O diretório municipal do PDT de Itaqui obteve uma importante vitória judicial ao conseguir a suspensão da Lei Municipal nº 4843/2025, que instituía o pagamento de 13º salário ao prefeito, vice-prefeito e secretários municipais. A decisão liminar foi concedida pelo desembargador Antonio Vinicios Amaro da Silveira, do Tribunal de Justiça do Rio Grande do Sul, em resposta a uma Ação Direta de Inconstitucionalidade (ADI) movida pelo partido.

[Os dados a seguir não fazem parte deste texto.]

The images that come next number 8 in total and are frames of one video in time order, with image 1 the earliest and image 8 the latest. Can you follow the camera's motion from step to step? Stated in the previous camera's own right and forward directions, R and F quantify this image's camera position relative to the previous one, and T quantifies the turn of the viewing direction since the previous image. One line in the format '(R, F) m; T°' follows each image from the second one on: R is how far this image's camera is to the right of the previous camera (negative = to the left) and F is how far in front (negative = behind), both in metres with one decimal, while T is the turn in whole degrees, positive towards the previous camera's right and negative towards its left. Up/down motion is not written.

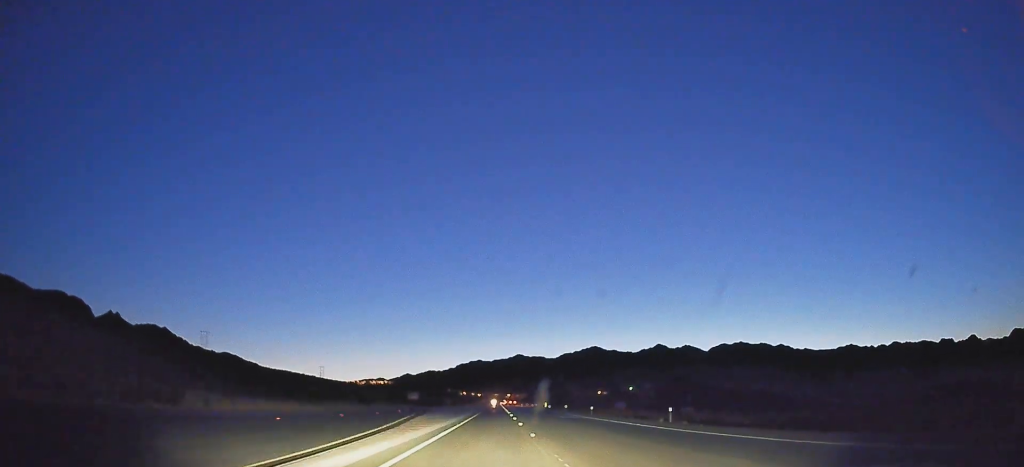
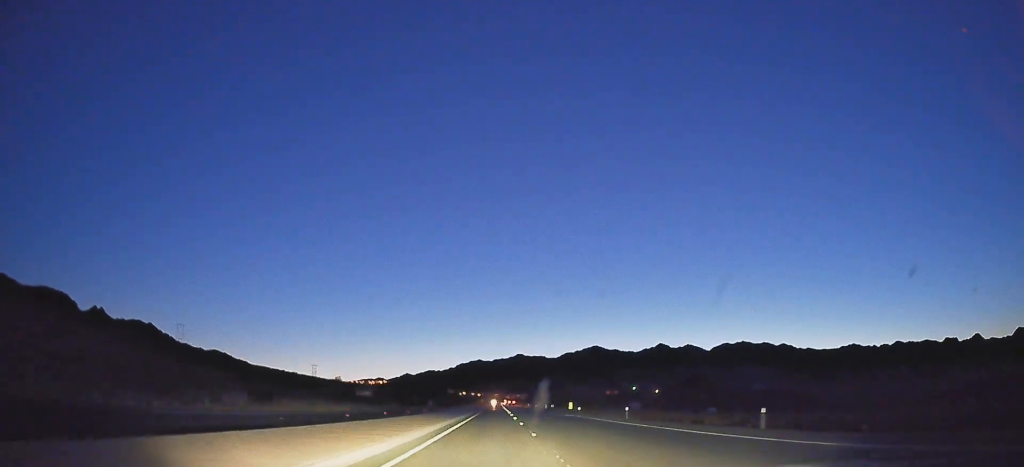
(-0.6, +49.6) m; -1°
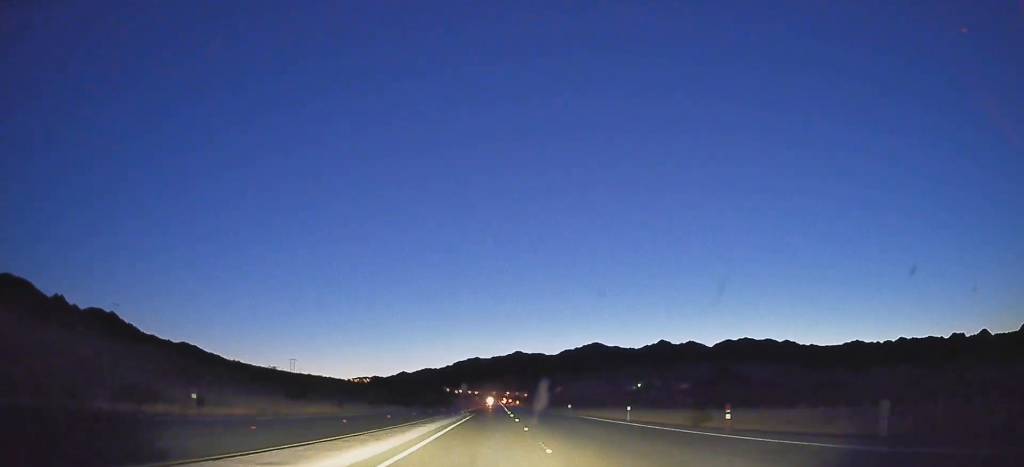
(-3.4, +106.8) m; -2°
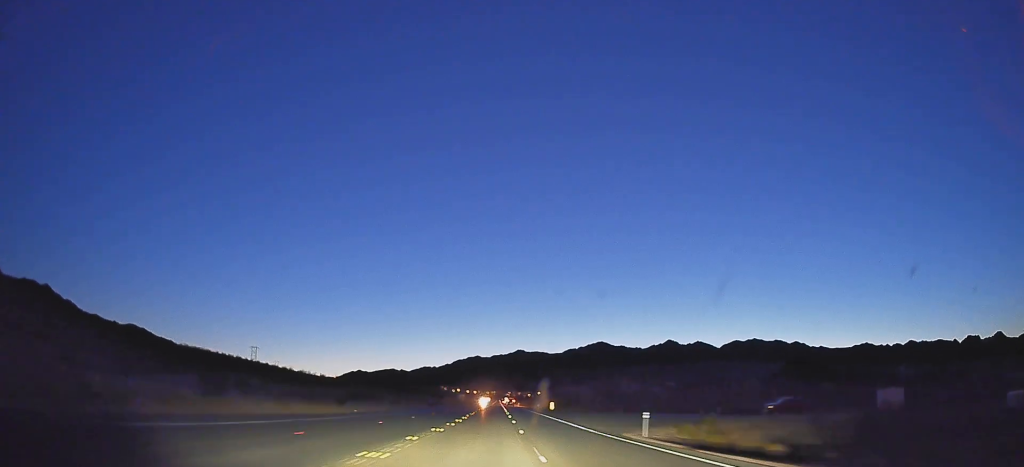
(+4.0, +160.6) m; +4°
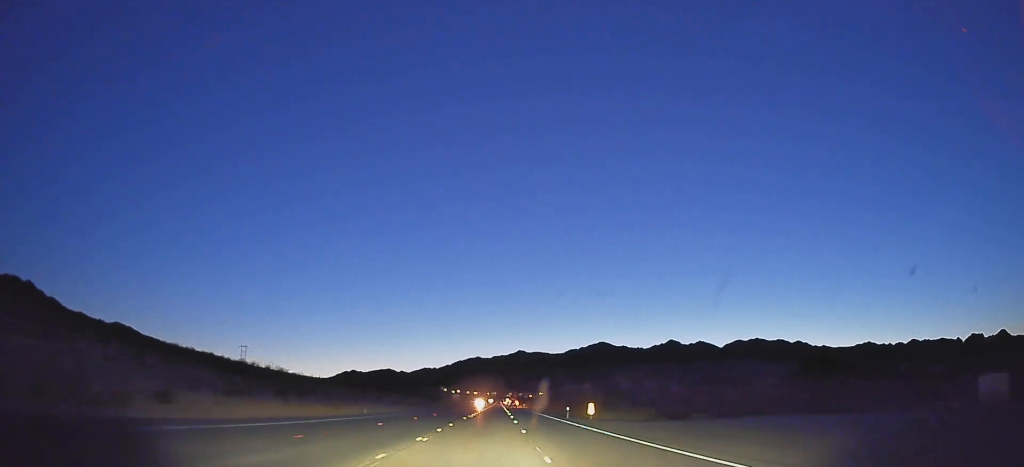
(+1.3, +36.5) m; +1°
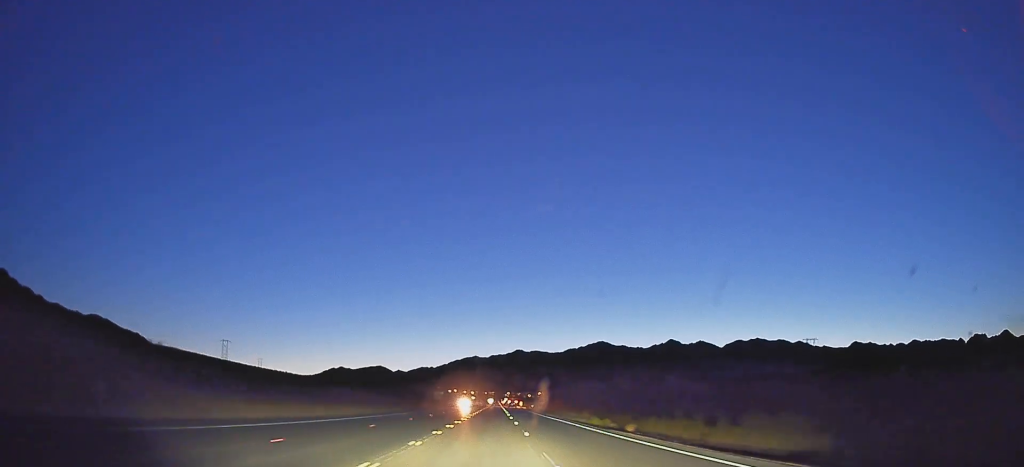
(-0.9, +50.4) m; 0°
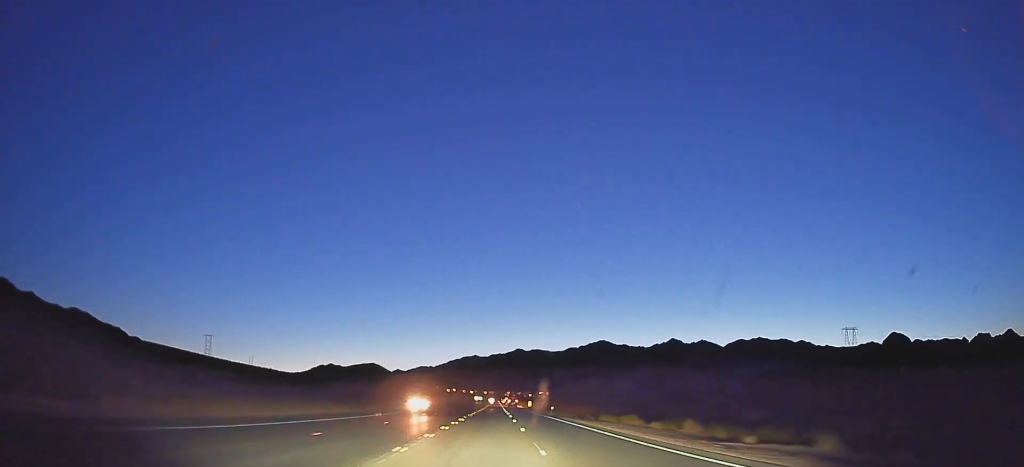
(-0.5, +44.8) m; 0°
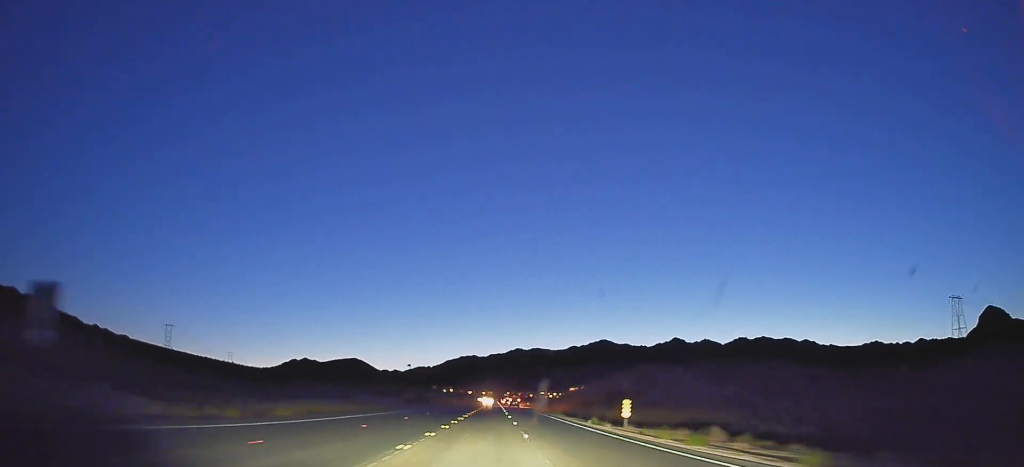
(0.0, +90.3) m; -1°

Na avaliação do magistrado, a medida tem o objetivo de evitar danos aos cofres públicos, considerados de difícil reparação caso os pagamentos fossem realizados antes do julgamento final. A legenda questiona a legalidade da proposta e acusa a base governista de aprovar a medida para beneficiar aliados políticos, contrariando pareceres técnicos.
A vereadora Solange Carniel, uma das duas parlamentares do PDT que votaram contra o projeto, foi uma das primeiras vozes de oposição à medida.
Em entrevista ao portal Fronteira 360, em maio, ela alertou para a inconstitucionalidade da proposta e antecipou a articulação jurídica para barrar o texto: “Ele é inconstitucional e não tem legalidade. Por isso, estamos organizando um grupo para mover uma ação e derrubar o projeto na Justiça.”
Segundo o PDT, Solange e o vereador Zé Silveira “cumpriram extraordinariamente a confiança neles depositada pela comunidade”.
A legenda também prestou homenagem ao advogado Sivens Carvalho, responsável por conduzir a ação judicial, reconhecendo sua atuação como fundamental para a concessão da liminar.
Ao final da nota oficial, o PDT reiterou seu compromisso com a transparência e com o controle permanente dos atos do poder público em Itaqui.